The acting in this edition of The Hunger Games is spot on. There were plenty of emotional moments to go around and every involved actor sold it. You even got to see Effie, played by Elizabeth Banks, break down when it was clear “her victors” would be going back in again. First, she tries to calm her own anxiety by resorting to her usual superficial quirks. But when it comes to saying goodbye to Peeta and Katniss forever, she can’t contain her grief. It was an amazing moment of character; bravo, Ms. Banks. Of course, Oscar winner Jennifer Lawrence was flawless as Katniss. I still don’t like Josh Hutcherson as Peeta, but that is more of a personal opinion. I just think he looks and acts like a blockhead. His acting was okay. 
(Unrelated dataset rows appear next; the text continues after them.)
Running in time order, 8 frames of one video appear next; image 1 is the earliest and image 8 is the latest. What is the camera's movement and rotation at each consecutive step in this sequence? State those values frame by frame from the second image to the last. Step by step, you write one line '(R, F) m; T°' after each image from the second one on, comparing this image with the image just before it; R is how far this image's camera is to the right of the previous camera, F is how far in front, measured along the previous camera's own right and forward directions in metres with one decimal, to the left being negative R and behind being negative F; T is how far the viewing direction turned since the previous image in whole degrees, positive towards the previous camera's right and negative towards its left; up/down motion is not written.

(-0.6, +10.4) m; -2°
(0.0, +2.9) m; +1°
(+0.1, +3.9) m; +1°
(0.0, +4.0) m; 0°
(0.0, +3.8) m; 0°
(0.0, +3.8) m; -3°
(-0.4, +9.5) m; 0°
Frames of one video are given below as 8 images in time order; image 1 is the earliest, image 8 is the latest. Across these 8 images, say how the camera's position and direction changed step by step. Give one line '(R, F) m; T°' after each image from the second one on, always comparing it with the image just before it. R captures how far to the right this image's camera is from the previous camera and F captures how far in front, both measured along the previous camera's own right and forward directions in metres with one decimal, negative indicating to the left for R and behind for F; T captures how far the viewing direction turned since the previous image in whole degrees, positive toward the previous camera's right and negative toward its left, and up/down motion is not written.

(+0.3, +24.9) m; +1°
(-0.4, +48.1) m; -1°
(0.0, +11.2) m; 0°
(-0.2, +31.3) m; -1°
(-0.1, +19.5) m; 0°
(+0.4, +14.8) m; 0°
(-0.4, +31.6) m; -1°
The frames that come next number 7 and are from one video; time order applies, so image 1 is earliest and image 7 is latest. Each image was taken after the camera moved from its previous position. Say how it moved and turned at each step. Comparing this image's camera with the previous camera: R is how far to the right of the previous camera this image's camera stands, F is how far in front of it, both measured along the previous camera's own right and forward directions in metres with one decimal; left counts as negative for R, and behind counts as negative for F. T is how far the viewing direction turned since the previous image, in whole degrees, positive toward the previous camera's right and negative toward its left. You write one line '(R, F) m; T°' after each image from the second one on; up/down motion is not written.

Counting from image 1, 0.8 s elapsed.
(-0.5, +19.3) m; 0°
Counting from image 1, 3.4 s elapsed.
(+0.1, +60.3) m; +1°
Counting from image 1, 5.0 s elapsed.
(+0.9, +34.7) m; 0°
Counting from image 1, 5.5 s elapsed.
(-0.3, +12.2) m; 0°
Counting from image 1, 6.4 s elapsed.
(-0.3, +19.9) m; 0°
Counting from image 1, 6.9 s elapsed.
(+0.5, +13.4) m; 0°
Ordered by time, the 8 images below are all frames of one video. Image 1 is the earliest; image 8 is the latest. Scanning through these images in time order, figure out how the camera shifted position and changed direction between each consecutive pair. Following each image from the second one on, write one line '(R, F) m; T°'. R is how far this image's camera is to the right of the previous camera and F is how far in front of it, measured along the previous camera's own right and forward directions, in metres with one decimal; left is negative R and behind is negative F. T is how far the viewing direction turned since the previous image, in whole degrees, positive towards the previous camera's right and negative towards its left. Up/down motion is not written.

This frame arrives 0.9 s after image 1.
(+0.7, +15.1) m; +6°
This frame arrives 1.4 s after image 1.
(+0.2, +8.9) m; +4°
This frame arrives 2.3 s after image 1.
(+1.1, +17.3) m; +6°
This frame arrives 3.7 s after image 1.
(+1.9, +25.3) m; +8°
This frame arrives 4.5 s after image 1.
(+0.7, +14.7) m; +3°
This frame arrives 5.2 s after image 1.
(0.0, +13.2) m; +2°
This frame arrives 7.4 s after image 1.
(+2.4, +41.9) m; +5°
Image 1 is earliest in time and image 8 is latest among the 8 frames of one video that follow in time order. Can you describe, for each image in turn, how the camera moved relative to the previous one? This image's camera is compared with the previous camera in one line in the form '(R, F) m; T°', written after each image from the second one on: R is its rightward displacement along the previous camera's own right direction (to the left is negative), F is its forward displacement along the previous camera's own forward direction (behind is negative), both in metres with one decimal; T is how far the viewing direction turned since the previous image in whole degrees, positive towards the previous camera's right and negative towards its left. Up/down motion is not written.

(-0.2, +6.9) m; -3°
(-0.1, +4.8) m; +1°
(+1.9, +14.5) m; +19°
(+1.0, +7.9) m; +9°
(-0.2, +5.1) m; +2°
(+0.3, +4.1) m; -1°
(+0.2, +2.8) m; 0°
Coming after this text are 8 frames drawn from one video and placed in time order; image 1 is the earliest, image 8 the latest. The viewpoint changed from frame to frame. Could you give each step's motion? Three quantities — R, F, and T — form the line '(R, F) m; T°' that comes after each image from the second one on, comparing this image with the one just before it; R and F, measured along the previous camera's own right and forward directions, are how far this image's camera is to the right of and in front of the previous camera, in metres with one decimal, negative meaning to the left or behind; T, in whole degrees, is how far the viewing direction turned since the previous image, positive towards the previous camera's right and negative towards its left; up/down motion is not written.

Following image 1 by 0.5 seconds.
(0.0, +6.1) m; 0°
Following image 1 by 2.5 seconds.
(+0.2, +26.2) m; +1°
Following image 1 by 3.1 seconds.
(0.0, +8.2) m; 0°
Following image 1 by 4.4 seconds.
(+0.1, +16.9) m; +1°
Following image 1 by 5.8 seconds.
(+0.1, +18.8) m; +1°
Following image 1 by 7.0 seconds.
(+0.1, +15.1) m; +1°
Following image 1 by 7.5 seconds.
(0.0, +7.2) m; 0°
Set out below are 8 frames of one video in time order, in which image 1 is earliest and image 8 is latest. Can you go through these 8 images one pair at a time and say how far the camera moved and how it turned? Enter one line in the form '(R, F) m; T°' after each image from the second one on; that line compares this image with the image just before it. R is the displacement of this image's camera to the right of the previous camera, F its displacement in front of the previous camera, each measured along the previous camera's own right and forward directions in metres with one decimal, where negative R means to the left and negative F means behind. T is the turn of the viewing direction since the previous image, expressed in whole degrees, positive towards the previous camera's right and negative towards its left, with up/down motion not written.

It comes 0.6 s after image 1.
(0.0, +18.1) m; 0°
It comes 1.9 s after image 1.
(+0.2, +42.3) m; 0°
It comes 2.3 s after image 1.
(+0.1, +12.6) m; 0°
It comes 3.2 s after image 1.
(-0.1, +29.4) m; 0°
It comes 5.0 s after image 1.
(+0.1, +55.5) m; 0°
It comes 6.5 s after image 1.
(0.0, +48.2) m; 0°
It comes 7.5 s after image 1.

Even new characters like Finnick Odair (who I always thought of as Middle-Eastern by his last name) was played well by Sam Claflin (not Middle-Eastern). Johanna Mason, played by Jena Malone was a fun, sparky character and well done. There was even an elevator moment where I wish I could have seen out of Hamish and Peeta’s eyes. Lucky guys!

The villains were well played again. Donald Sutherland is delicious as President Snow. He is able to handle the delicacies of this character, who is sinister and threatening in private while being charming and threatening in public. This is such a scary man but you only see it when you read between the lines like Katniss obviously does. Plutarch Heavensbee (Philip Seymour Hoffman) is somewhat of a backstabber, it seems and you can never tell what his true motives are or where his allegiances truly lie. I liked him better than the GamesMaster from the first movie, who had an amazing beard, but not much character.

Book vs. Movie:

This edition of Hunger Games adhered closer to the book than I remembered the first Hunger Games being. They did make sure to highlight romantic moments between Katniss and Gale more than I remember the book doing. I always thought that was a limitation of the books. It seemed to me that they made much of Gale/Katniss/Peeta, yet there never seemed to be a connection between Gale/Katniss. The first movie was a stern offender on this point. But they made up for it in Catching Fire.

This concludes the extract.